The mystery of drug addiction: why pharmacokinetic research is important
Consumption of narcotic drugs can cause some people to become addicted. Scientists engaged in addiction research pay special attention to how casual or casual use of drugs can cause problematic use patterns that indicate addiction.
In most preclinical studies, self-management is the main model of these models. However, this method has a major problem. Self-management always requires taking high doses of drugs, and in real life, drug use will be more intermittent.
For example, molecular transient pharmacokinetic factor models are important in elucidating why intermittent consumption contributes to the severity of cocaine addiction. Traditional self-management methods may provide inaccurate data. A study published in Psychopharmacology in 2019 used pharmacokinetic principles to explore this problem in cocaine addiction.
The results of the research led by Alex B. Kawa found that the use of cocaine has a profound impact on time. It was found that intermittent use of the drug was more effective in producing addictive behaviors. Second, self-management of intermittent and long-term visits influences motivational behavior in different ways by changing the brain in different ways.

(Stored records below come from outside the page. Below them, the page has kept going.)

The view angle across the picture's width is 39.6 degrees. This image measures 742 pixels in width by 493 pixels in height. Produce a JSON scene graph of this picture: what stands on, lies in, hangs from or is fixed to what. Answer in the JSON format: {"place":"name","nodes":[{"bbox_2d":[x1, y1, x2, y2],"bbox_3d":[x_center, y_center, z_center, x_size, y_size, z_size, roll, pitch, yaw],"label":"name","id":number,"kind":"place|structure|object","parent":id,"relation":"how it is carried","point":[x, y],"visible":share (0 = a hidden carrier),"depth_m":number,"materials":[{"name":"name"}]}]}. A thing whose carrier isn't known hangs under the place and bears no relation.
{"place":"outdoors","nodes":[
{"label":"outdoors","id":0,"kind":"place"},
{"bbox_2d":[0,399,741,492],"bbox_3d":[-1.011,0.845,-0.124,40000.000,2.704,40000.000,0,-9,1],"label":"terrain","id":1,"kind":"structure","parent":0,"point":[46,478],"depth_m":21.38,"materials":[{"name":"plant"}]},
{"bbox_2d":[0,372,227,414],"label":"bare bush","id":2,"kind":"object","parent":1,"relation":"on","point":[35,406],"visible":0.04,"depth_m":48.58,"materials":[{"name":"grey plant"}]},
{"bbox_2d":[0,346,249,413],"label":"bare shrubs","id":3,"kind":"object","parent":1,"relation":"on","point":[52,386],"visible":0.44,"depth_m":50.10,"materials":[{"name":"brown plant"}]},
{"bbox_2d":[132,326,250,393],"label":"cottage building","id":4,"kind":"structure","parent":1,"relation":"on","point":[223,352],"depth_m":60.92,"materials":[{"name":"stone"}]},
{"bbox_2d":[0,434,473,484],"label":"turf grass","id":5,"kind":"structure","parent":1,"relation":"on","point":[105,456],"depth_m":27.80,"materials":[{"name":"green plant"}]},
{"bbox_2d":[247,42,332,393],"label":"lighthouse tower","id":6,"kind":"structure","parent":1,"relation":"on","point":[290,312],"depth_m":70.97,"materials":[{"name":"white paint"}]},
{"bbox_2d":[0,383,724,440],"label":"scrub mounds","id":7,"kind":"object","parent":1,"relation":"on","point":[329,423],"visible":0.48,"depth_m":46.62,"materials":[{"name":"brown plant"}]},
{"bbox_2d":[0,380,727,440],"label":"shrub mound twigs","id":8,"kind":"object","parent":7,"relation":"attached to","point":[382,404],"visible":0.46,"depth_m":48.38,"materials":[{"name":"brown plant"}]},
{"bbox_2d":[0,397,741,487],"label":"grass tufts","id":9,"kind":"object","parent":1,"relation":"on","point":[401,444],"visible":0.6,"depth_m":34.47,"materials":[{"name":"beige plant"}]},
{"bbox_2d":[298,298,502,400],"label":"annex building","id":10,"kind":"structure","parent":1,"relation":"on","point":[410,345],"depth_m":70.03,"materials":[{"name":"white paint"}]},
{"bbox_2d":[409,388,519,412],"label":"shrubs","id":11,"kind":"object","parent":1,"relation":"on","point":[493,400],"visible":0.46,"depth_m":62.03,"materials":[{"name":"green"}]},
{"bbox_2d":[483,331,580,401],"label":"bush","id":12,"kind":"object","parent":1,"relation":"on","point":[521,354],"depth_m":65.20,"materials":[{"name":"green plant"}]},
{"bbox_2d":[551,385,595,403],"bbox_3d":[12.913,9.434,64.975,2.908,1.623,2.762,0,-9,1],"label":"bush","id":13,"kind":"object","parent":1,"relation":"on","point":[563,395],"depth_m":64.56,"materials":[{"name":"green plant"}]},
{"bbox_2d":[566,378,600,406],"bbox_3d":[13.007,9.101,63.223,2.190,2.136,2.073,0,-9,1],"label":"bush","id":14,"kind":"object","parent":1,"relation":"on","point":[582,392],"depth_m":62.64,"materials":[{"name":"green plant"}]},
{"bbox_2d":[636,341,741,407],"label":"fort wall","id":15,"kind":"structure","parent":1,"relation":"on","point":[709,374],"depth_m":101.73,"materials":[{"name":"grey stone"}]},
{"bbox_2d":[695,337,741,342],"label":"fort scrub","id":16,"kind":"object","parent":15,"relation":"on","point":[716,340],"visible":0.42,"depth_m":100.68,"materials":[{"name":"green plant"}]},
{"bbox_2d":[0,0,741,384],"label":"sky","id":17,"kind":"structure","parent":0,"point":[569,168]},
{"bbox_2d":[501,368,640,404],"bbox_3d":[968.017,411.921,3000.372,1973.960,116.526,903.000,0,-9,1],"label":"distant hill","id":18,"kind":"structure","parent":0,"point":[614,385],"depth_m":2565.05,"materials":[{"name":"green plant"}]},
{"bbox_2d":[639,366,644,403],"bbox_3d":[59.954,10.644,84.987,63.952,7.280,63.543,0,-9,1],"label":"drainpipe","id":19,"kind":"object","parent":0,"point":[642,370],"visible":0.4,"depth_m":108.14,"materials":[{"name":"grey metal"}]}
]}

The group made a recommendation based on pharmacokinetic principles that intermittent self-management procedures may be more effective in preclinical trials that seek to provide data on addiction patterns.
Pharmacokinetics is an important field of research, which provides important data on the behavior of molecules in organisms. By applying the principles of pharmacokinetics to preclinical trials, scientists can design safer and more accurate clinical trials.